LOS ANGELES — Under pressure to limit contagion from the British phone hacking scandal, Rupert Murdoch’s News Corp. said Tuesday that it is considering splitting into two publicly traded companies.
The move comes as Britain’s communications regulator, Ofcom, enters the final stages of its review of whether satellite TV firm British Sky Broadcasting — of which News Corp. holds a 39 percent stake — is “fit and proper” to hold a broadcast license.
The separation of News Corp.’s tainted newspaper division from the lucrative TV and movie assets might appease regulators, analysts said.
“I’m not saying it completely ameliorates Ofcom’s concerns. But I think it helps,” said Canaccord Genuity analyst Tom Eagan.

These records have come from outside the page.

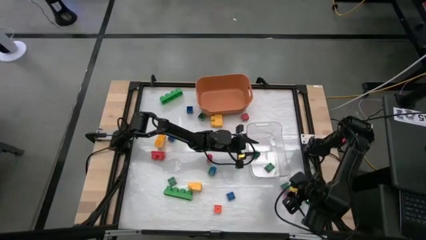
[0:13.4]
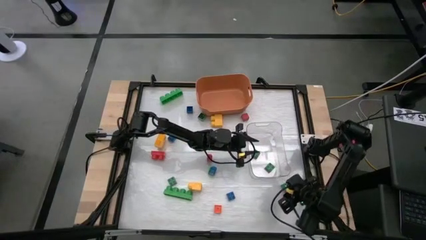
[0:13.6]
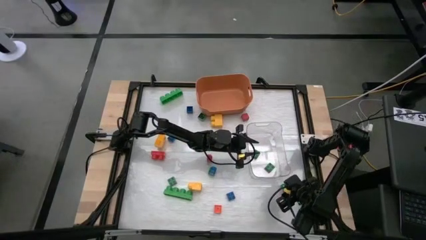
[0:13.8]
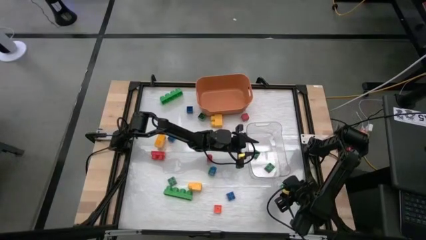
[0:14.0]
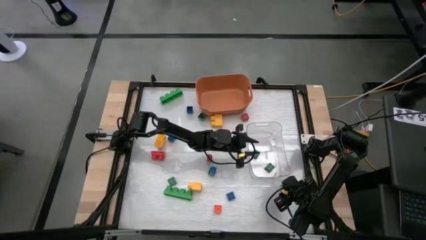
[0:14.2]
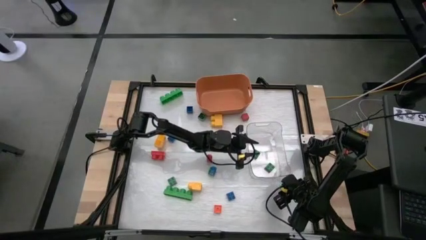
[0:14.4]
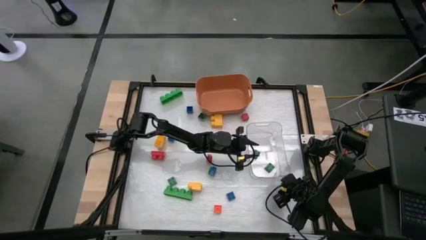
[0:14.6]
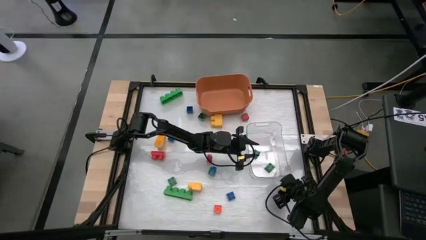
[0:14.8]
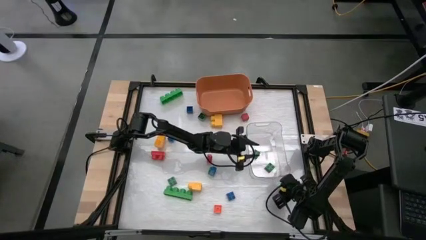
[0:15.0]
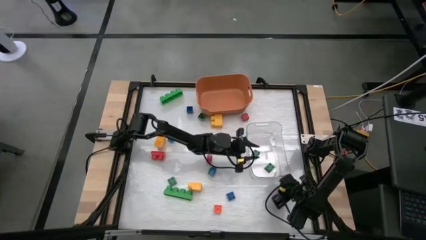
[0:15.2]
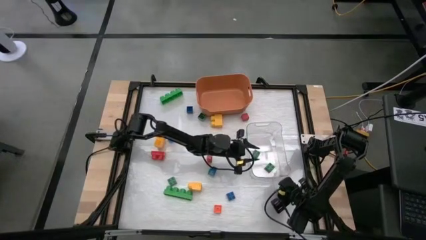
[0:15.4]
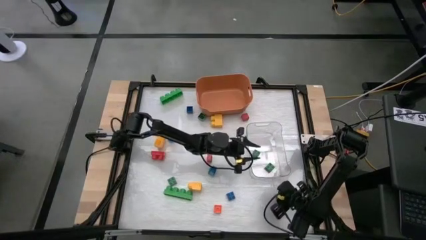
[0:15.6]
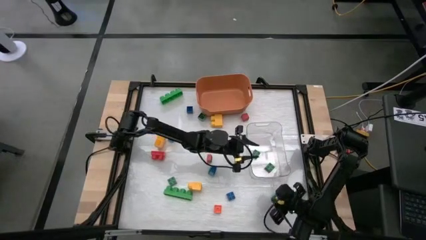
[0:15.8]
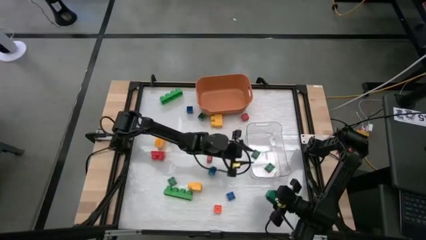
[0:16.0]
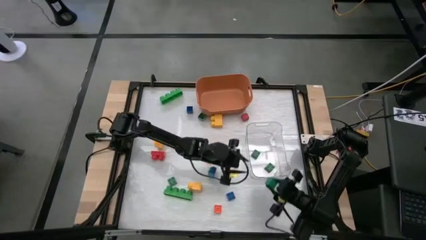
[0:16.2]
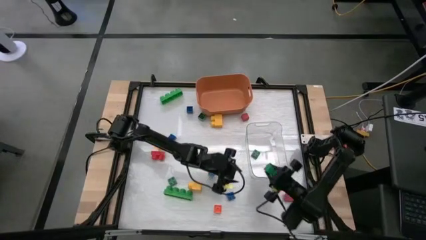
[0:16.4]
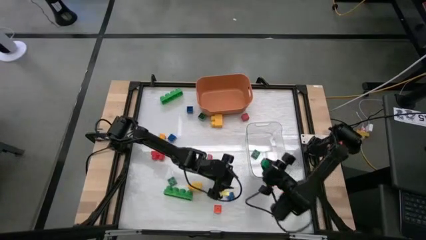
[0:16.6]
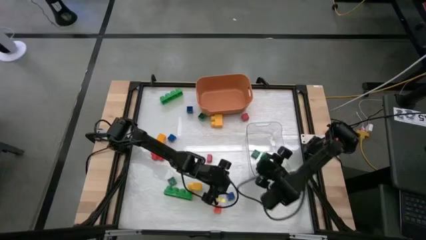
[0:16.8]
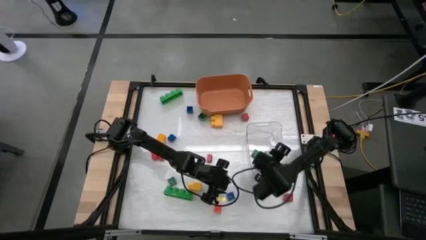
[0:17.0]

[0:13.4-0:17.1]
Task: Sort blocks by size
Put the small green block into the transparent bin

British investigators have been probing allegations that News Corp.’s U.K. newspaper journalists hacked into phones and bribed public officials in the hunt for scoops. The probe has caused the company to abandon its bid for full control of British Sky Broadcasting. A split could help the company avoid being forced to sell off its remaining stake in BSkyB, worth some $6.9 billion.
The media conglomerate did not specify Tuesday which businesses each company would contain.
The Wall Street Journal, News Corp.’s flagship newspaper, reported late Monday that the company is considering separating the newspaper and book publishing businesses from the entertainment arm, which includes Fox News Channel, its broadcast TV network and the 20th Century Fox movie studio.
The entertainment arm is far more profitable. It accounted for about 75 percent of the company’s revenue and nearly all of the operating profit in the first nine months of the fiscal year.
Bernstein analyst Todd Juenger said in a research note the split would allow the company to invest more in the growing entertainment field “without the baggage of publishing.”
Investors welcomed the news. News Corp.’s stock hit a new 52-week high, rising $1.27, or 6.3 percent, to $21.35 in midday trading.
A former News Corp. executive familiar with internal company deliberations says such a split has been talked about for years, although discussions gained new momentum in the wake of the phone hacking scandal which erupted last July.
The split would allow Murdoch to keep control of his prized publishing operations through his voting shares while pleasing investors who have viewed the newspapers as a drag on shareholder value.
The 81-year-old billionaire built the company from a single Australian newspaper he inherited from his father. The Murdoch family controls about 40 percent of News Corp.’s voting shares.
The former executive, who spoke on condition of anonymity in order to speak candidly about internal company deliberations, said no final decision has been made.
Publishing assets estimated at $5B
Evercore Partners analyst Alan Gould said the publishing assets, which include Dow Jones & Co. and newspapers such as The Times of London, could be worth about $5 billion. Without them, he estimated revenue growth of the bigger TV and movie entity would nearly double to about 7 percent a year.
It is unclear if the spun-off publishing unit would also bear the legal costs of the U.K. probe. In the first nine months of the fiscal year, probe costs have totaled $167 million.
The point of a split is not to create a smaller company “that would just wither and die,” Eagan said. It would have to contain enough profitable businesses to attract investors.
Eagan pointed to the successful spin-off of cable TV giant Time Warner Cable Inc. from the entertainment company Time Warner Inc. in March 2009. Because the cable division was more willing to pay out dividends and buy back shares, its stock price has more than tripled since then. Meanwhile, Time Warner’s stock price has doubled.
Time Warner shareholders were granted stakes in both separated companies, but “overall you are better off” with the split, Eagan said.
The problem for News Corp. isn’t just that newspapers and books make less money than television and film. It’s also that investors value the earnings from each differently. They are willing to pay less for a single dollar of earnings from the former than they are for a single dollar of earnings from the latter.
On Monday, investors buying News Corp. stock were paying the equivalent of $5.80 for every $1 of operating earnings that the combined company is expected to generate this year, according to Gould. That is 20 percent lower, or $1.50 less, than investors are paying for more pure play TV and film companies like CBS Corp. and Viacom Inc.
Do the math on News Corp.’s expected $6.6 billion in operating earnings this year, and that means the company is being valued $10 billion less than its TV and film rivals. Gould says the idea behind the split is to capture some of that $10 billion, and he thinks the company could do it. He is recommending that his investing clients buy the stock.